Aim of the task> When the string "roofed" is part of a line in the data below, report the whole line.

Extracted data>
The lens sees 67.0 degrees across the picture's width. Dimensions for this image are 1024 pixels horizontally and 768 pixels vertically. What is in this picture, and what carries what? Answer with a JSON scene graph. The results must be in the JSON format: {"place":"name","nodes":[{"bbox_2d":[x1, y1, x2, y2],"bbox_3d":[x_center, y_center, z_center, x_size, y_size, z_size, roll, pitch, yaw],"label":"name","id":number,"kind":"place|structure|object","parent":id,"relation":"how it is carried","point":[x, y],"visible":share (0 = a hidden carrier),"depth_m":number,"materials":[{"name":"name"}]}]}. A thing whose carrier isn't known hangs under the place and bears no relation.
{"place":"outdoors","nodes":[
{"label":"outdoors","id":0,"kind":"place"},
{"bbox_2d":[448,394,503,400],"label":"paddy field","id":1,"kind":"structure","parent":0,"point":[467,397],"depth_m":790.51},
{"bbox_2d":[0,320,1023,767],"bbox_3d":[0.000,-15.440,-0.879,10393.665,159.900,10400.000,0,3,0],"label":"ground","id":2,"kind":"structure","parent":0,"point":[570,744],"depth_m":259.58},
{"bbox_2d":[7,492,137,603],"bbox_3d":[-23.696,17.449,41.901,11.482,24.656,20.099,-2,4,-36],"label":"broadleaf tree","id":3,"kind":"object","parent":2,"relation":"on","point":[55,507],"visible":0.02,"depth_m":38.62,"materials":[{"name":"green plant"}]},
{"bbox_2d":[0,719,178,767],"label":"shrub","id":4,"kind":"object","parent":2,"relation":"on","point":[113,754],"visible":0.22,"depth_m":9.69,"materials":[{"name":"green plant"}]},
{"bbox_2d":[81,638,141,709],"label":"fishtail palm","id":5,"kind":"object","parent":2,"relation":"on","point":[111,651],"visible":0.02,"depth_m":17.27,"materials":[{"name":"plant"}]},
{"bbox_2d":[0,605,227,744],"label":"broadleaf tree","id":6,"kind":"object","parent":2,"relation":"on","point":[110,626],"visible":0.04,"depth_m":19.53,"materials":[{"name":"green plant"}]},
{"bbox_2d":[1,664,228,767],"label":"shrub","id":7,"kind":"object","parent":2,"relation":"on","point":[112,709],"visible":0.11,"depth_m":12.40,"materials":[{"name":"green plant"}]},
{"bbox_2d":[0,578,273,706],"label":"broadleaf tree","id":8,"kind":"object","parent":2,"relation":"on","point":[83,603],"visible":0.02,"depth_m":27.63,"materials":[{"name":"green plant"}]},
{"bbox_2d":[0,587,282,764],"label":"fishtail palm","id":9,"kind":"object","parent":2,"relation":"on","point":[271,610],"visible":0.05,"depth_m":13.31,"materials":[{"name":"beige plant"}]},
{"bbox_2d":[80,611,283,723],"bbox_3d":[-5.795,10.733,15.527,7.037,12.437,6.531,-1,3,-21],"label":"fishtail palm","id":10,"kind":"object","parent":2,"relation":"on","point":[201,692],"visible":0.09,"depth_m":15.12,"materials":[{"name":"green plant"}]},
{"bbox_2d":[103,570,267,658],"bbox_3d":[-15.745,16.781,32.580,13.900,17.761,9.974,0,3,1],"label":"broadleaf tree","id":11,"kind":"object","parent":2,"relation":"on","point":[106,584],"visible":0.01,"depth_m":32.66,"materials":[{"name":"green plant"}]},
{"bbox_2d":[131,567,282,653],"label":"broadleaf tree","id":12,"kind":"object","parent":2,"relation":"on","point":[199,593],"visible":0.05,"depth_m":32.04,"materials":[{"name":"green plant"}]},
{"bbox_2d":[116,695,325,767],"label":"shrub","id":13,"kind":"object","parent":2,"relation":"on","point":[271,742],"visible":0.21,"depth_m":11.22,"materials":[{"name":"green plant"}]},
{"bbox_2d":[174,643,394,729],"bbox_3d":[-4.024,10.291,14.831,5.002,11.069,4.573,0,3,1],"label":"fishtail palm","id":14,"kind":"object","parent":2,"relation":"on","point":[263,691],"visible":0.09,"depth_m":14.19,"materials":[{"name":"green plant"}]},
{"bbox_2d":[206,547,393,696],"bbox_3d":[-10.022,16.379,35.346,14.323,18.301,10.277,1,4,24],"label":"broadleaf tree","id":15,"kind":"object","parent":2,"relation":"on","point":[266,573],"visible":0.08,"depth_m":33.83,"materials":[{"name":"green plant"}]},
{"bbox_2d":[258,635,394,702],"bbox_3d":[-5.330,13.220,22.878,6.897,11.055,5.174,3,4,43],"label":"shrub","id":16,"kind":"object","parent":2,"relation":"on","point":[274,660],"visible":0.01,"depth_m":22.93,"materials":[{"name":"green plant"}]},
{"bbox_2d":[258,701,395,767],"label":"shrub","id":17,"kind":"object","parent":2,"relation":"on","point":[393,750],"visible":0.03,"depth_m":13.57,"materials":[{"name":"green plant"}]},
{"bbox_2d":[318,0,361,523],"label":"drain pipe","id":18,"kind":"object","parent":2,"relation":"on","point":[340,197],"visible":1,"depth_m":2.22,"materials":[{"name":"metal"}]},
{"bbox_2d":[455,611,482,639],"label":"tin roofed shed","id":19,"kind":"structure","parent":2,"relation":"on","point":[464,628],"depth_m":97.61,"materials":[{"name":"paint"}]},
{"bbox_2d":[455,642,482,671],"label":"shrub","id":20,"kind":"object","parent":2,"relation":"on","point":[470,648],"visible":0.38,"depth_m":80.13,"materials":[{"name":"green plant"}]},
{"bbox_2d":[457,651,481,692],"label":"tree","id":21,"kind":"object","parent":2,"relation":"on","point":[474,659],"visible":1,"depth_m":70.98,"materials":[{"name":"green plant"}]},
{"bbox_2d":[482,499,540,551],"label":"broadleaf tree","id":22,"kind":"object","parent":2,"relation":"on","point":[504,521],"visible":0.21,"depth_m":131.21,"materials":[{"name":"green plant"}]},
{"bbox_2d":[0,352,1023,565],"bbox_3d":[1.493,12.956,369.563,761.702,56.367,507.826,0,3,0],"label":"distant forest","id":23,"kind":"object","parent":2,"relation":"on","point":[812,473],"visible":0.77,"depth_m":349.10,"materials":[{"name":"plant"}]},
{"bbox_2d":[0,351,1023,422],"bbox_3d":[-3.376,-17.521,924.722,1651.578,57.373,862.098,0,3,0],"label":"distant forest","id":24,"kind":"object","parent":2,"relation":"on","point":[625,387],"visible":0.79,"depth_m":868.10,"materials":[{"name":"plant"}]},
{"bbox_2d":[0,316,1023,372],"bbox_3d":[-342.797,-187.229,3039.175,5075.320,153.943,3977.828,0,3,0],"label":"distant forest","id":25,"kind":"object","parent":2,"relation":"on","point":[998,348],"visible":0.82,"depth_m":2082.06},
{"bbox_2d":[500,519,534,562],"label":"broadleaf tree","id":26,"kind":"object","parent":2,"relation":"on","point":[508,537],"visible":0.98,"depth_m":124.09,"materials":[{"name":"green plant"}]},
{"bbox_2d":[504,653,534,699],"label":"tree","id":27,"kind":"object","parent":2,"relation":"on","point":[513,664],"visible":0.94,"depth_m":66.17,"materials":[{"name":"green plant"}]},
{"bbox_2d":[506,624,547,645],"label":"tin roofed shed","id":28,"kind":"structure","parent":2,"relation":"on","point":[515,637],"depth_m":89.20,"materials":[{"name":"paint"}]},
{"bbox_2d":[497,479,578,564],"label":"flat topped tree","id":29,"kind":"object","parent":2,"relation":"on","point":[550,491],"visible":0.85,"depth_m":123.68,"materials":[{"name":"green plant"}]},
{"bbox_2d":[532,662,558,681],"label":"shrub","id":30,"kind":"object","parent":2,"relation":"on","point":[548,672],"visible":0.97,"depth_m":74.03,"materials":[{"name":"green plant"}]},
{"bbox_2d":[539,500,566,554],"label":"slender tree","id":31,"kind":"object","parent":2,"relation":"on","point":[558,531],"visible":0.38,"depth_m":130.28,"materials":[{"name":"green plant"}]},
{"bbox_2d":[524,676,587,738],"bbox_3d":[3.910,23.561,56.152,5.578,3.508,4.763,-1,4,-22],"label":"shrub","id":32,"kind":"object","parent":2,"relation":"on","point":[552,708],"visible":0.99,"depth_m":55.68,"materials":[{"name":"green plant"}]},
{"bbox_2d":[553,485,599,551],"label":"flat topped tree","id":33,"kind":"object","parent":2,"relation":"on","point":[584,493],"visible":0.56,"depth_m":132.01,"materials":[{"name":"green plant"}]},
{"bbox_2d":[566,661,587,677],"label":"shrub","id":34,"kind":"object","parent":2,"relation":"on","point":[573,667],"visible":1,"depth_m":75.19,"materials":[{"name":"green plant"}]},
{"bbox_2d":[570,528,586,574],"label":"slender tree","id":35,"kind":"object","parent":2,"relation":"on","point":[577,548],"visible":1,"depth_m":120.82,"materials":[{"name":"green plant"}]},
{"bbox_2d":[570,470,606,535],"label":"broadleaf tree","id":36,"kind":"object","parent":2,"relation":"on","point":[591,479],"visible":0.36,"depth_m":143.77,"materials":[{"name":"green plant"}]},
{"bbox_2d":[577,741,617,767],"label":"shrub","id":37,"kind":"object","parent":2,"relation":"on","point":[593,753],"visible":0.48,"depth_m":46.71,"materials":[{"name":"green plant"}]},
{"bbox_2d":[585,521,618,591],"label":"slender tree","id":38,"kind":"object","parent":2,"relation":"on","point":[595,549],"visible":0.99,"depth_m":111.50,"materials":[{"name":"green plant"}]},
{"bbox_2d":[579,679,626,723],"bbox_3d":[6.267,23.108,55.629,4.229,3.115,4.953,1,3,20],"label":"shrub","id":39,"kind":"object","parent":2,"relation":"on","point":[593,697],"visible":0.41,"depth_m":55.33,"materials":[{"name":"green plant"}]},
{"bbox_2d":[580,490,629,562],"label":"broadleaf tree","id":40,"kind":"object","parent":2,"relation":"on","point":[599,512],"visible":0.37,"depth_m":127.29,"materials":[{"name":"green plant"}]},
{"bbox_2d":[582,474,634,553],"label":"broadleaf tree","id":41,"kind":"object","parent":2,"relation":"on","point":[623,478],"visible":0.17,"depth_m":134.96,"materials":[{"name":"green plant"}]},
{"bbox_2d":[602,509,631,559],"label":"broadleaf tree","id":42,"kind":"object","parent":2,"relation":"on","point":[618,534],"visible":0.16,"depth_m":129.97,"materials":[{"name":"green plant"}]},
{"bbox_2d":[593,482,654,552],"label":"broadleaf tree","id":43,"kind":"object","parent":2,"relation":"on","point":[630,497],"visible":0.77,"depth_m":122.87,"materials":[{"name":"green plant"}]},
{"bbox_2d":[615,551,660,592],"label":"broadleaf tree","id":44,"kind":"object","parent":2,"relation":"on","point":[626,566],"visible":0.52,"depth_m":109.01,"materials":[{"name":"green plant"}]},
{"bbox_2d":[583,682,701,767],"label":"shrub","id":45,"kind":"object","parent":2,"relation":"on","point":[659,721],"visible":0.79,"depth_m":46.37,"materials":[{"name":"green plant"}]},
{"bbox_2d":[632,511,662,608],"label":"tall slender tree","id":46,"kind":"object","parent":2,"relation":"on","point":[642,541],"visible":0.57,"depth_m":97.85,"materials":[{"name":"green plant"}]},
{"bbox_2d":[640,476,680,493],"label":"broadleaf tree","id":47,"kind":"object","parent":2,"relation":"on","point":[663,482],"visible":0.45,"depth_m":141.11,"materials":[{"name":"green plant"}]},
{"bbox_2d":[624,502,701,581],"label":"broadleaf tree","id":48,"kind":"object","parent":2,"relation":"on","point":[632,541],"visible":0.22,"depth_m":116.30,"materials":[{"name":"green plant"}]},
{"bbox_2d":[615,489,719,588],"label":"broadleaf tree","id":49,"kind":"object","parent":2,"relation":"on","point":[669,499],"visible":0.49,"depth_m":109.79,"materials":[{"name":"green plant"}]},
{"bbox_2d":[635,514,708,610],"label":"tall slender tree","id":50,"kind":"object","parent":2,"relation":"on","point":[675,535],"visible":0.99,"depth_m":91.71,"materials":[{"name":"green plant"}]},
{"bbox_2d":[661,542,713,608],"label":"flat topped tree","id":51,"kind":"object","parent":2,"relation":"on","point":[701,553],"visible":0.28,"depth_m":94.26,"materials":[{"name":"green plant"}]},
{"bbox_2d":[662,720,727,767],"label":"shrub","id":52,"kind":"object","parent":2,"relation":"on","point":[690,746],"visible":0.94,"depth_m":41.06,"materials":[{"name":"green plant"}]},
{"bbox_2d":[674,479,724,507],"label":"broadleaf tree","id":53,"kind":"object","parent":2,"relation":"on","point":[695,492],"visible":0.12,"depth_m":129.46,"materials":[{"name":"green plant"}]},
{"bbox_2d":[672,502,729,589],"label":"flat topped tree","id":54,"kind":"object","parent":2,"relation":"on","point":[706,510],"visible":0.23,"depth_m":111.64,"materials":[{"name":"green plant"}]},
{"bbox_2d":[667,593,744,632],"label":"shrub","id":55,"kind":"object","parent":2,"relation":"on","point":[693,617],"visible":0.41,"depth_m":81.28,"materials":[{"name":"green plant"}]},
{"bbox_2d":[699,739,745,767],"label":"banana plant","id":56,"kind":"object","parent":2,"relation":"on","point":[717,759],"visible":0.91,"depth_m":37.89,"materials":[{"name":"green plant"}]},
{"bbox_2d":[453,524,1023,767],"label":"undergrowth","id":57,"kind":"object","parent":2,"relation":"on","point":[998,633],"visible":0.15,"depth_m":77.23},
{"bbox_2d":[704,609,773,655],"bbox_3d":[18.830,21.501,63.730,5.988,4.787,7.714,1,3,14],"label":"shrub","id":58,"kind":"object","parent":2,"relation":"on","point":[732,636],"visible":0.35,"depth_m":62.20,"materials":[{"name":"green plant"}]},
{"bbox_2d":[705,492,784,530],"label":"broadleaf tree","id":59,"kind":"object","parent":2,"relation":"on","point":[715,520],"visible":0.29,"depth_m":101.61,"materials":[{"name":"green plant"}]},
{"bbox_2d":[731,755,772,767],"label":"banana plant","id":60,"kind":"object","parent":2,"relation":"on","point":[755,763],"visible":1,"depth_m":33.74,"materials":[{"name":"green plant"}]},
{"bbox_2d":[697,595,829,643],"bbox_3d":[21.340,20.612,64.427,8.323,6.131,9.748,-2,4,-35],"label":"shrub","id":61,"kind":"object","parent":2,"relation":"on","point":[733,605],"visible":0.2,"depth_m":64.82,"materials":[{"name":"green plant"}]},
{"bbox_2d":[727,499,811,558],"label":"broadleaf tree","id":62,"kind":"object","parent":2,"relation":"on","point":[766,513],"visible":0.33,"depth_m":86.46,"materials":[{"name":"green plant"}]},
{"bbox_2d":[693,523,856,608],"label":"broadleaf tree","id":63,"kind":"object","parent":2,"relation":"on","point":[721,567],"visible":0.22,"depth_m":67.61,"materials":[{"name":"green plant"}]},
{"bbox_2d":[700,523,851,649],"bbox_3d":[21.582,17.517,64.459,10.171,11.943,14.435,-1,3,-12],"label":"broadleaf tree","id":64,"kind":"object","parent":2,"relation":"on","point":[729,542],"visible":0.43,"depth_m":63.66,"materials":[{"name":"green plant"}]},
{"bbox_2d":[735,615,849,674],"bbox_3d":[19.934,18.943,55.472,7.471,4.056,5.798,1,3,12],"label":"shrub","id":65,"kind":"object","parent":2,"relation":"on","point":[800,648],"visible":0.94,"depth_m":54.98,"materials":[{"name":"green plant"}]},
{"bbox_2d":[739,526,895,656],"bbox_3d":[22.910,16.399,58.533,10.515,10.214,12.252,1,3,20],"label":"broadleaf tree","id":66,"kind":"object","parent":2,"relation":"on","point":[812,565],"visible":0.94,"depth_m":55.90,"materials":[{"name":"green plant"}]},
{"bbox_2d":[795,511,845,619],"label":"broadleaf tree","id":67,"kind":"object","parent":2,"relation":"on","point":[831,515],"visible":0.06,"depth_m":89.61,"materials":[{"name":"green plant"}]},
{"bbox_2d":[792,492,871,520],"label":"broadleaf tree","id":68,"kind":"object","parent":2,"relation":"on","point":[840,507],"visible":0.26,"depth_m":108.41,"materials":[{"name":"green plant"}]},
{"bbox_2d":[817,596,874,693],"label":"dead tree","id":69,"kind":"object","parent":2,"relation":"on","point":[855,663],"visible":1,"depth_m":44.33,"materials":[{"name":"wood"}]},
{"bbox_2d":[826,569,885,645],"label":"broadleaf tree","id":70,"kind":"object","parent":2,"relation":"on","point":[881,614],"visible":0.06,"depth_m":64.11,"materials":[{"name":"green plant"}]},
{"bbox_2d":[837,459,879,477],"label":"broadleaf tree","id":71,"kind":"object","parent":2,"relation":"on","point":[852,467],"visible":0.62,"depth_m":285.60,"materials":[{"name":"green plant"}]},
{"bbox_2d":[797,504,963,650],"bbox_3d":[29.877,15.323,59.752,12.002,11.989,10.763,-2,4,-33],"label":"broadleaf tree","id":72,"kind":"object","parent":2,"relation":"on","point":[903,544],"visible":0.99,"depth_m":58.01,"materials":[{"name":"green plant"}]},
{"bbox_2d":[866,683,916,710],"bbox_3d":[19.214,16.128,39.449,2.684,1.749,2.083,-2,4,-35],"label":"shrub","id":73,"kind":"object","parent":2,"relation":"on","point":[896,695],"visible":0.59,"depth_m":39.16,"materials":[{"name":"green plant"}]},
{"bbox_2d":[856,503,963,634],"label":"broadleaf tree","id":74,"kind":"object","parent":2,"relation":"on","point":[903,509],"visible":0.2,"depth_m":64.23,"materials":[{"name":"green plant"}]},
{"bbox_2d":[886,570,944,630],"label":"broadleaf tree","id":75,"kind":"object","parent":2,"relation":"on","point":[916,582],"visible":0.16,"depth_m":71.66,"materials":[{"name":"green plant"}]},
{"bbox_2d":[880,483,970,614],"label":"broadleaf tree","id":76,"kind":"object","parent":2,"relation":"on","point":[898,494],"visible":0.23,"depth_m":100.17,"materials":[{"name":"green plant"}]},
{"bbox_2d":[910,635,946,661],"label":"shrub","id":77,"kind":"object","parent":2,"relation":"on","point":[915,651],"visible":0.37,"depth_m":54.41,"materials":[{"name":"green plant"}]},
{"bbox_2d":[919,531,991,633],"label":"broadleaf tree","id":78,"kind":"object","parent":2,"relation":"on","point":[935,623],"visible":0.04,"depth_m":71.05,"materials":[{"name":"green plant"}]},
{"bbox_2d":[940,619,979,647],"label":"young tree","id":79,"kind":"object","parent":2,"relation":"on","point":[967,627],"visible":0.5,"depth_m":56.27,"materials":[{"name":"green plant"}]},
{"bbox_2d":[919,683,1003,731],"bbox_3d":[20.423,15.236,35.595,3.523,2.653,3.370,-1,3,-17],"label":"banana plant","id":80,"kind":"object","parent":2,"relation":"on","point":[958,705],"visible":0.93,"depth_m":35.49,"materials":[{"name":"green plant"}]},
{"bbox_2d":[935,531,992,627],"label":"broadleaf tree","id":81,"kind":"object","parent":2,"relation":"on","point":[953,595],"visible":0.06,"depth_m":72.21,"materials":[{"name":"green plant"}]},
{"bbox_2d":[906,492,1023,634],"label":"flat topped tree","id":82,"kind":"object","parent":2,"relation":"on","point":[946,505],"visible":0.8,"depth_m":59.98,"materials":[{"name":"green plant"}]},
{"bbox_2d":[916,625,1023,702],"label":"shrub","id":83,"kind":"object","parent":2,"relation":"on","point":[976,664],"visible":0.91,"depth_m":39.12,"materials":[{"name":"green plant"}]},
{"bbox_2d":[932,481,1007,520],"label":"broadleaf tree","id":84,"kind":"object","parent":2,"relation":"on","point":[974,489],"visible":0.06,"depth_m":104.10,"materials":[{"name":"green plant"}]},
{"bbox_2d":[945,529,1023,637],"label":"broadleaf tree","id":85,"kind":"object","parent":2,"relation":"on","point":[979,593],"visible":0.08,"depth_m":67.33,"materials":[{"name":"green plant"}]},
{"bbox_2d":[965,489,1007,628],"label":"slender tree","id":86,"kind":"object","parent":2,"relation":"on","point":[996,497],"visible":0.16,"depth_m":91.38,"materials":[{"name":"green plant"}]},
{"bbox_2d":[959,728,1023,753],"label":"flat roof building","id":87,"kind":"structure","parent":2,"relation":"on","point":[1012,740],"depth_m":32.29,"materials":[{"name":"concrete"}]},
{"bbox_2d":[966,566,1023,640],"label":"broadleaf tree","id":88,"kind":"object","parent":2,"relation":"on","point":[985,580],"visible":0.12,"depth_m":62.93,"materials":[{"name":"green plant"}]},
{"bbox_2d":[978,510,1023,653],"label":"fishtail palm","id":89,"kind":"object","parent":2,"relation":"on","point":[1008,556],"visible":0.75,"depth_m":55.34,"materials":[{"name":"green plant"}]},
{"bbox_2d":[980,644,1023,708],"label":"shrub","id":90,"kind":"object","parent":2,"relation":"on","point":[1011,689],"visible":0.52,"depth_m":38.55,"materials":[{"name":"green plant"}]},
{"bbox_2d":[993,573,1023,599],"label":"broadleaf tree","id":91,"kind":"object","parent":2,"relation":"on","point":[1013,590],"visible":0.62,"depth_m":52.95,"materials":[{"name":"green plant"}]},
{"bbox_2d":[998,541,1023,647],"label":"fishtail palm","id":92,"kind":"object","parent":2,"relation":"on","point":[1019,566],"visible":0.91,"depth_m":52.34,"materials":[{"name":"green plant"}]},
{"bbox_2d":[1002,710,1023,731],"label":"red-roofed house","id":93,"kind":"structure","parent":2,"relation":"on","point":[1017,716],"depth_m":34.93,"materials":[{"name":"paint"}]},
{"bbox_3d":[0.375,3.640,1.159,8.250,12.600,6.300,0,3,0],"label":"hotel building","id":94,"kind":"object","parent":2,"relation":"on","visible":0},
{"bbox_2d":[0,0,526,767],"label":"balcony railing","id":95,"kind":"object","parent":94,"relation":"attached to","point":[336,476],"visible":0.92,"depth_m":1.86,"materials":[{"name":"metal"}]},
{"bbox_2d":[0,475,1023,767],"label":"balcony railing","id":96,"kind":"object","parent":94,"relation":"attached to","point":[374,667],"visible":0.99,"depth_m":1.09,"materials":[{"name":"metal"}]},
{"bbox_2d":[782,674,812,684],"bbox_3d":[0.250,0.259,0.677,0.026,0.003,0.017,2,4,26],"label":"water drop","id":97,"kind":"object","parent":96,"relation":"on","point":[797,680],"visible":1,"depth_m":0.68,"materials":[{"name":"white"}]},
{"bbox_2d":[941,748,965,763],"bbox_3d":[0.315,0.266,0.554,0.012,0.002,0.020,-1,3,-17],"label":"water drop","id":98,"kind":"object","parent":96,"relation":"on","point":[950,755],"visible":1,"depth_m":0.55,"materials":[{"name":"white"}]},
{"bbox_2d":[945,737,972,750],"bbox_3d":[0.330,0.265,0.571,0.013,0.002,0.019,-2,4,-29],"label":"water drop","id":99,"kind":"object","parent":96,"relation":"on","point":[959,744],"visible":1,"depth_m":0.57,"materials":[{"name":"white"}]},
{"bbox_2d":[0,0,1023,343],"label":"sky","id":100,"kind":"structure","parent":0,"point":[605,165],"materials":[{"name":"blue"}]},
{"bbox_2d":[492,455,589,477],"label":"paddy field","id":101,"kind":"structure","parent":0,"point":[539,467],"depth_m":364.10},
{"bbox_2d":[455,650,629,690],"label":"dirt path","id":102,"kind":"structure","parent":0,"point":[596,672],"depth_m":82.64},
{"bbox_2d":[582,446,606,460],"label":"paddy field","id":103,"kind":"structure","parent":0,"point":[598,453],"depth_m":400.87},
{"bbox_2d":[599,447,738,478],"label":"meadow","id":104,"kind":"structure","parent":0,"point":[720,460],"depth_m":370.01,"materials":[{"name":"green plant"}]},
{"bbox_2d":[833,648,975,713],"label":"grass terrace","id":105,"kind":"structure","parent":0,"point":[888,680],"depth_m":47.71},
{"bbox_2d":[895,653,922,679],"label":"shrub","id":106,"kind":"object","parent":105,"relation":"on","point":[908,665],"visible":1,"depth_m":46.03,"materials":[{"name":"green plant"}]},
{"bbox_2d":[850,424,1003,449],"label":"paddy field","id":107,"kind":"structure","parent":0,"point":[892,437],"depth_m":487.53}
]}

Written solution>
{"bbox_2d":[455,611,482,639],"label":"tin roofed shed","id":19,"kind":"structure","parent":2,"relation":"on","point":[464,628],"depth_m":97.61,"materials":[{"name":"paint"}]},
{"bbox_2d":[506,624,547,645],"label":"tin roofed shed","id":28,"kind":"structure","parent":2,"relation":"on","point":[515,637],"depth_m":89.20,"materials":[{"name":"paint"}]},
{"bbox_2d":[1002,710,1023,731],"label":"red-roofed house","id":93,"kind":"structure","parent":2,"relation":"on","point":[1017,716],"depth_m":34.93,"materials":[{"name":"paint"}]},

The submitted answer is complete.